◆ Activity
Read through the records below and copy each line that uses the word "first".
Content starts
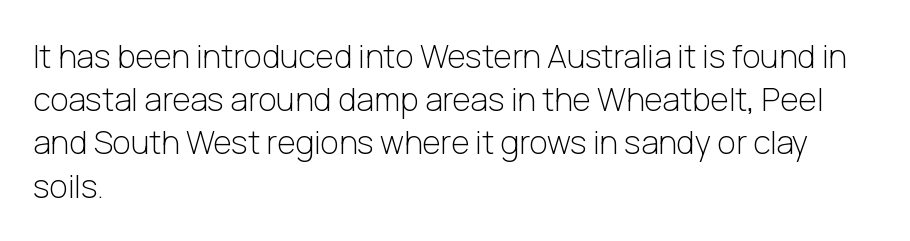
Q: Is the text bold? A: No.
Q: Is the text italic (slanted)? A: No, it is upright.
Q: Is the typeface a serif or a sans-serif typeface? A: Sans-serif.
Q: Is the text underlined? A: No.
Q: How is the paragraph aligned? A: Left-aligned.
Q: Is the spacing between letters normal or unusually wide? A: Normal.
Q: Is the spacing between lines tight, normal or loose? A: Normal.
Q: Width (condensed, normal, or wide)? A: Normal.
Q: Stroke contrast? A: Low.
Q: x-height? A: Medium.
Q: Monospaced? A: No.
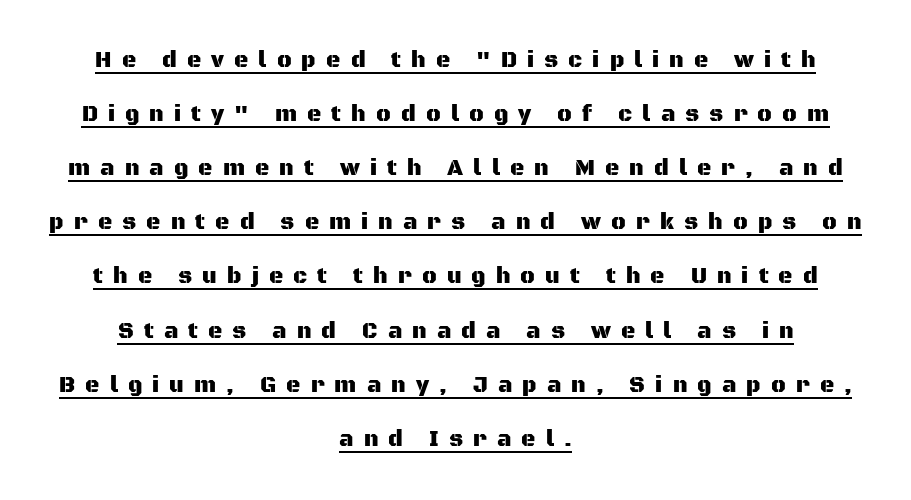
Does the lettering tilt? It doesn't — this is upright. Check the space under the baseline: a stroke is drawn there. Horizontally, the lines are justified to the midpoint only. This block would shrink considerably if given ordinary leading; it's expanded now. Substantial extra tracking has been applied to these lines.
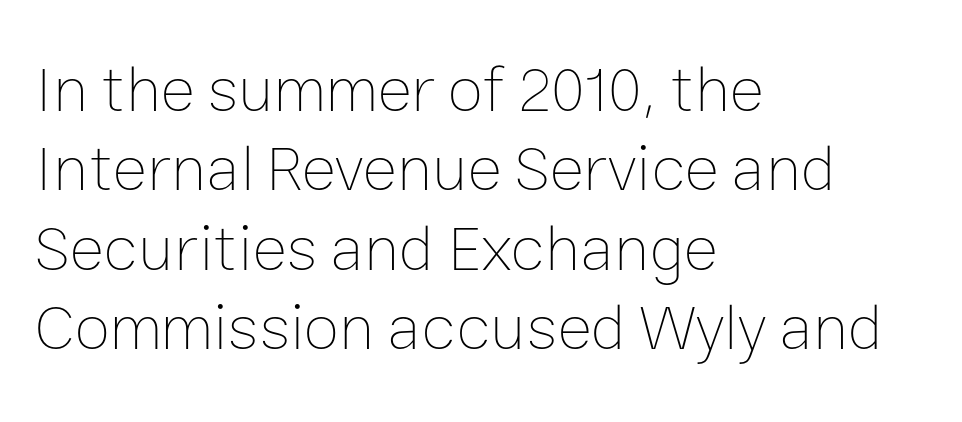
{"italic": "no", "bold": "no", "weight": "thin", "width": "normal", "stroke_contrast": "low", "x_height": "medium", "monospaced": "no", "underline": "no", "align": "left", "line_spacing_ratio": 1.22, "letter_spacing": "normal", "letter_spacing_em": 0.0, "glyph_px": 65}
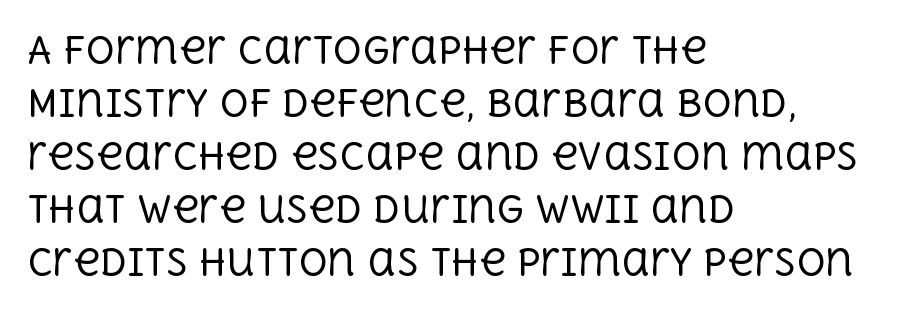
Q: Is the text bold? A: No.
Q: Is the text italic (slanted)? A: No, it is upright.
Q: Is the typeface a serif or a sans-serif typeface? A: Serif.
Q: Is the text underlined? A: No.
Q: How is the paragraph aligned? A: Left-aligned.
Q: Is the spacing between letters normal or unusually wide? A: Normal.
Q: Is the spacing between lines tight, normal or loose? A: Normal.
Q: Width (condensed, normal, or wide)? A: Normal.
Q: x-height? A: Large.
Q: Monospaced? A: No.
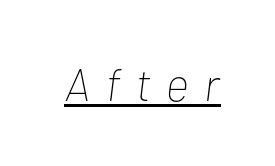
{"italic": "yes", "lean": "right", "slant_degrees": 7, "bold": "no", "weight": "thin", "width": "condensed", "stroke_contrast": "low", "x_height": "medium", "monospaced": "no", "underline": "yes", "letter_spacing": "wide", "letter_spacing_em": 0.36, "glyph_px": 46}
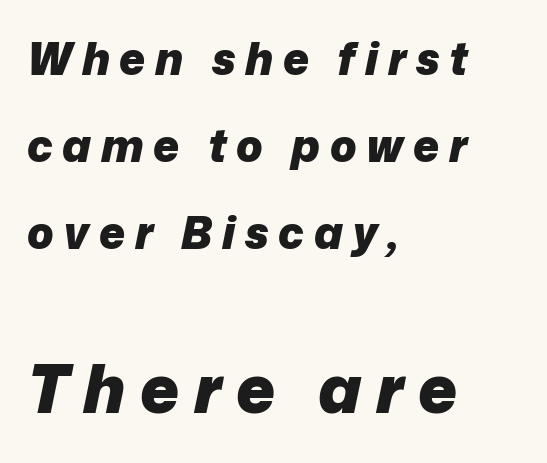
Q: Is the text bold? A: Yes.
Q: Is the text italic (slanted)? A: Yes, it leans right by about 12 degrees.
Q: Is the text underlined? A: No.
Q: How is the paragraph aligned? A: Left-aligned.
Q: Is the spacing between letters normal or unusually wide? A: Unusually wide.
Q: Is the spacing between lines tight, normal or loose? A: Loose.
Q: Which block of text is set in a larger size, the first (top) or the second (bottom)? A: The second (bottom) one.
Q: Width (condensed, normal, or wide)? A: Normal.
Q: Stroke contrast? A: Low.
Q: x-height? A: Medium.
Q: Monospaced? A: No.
Content ends
Content starts
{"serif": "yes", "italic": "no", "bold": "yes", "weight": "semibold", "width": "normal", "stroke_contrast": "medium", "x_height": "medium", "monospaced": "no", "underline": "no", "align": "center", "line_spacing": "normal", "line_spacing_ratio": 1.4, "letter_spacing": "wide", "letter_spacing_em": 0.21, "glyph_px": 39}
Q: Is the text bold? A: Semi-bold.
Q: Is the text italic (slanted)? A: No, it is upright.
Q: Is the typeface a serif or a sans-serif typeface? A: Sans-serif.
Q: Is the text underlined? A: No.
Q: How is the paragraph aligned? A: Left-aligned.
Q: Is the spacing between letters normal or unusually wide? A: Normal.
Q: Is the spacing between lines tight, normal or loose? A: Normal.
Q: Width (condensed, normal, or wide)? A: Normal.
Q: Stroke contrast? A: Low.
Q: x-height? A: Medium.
Content ends
Content starts
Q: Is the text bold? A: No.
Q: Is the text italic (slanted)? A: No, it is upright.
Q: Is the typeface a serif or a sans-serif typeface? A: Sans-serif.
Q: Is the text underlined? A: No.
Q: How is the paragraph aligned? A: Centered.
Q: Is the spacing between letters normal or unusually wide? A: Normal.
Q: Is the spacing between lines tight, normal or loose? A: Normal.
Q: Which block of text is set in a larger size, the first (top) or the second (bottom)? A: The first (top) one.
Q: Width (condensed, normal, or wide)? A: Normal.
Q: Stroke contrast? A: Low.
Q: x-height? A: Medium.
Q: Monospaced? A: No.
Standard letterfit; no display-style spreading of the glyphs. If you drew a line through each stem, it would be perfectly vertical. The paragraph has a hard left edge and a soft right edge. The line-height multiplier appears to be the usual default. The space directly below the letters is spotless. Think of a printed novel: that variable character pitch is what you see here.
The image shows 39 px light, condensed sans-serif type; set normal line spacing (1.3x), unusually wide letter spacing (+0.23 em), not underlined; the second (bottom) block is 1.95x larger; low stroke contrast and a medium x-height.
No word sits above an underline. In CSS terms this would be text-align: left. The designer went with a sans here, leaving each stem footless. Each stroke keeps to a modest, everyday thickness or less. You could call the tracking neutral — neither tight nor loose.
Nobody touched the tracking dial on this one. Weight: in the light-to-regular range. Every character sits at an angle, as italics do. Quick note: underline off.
Content ends
◆ Task answer
Q: Which block of text is set in a larger size, the first (top) or the second (bottom)? A: The second (bottom) one.
Q: Which block of text is set in a larger size, the first (top) or the second (bottom)? A: The first (top) one.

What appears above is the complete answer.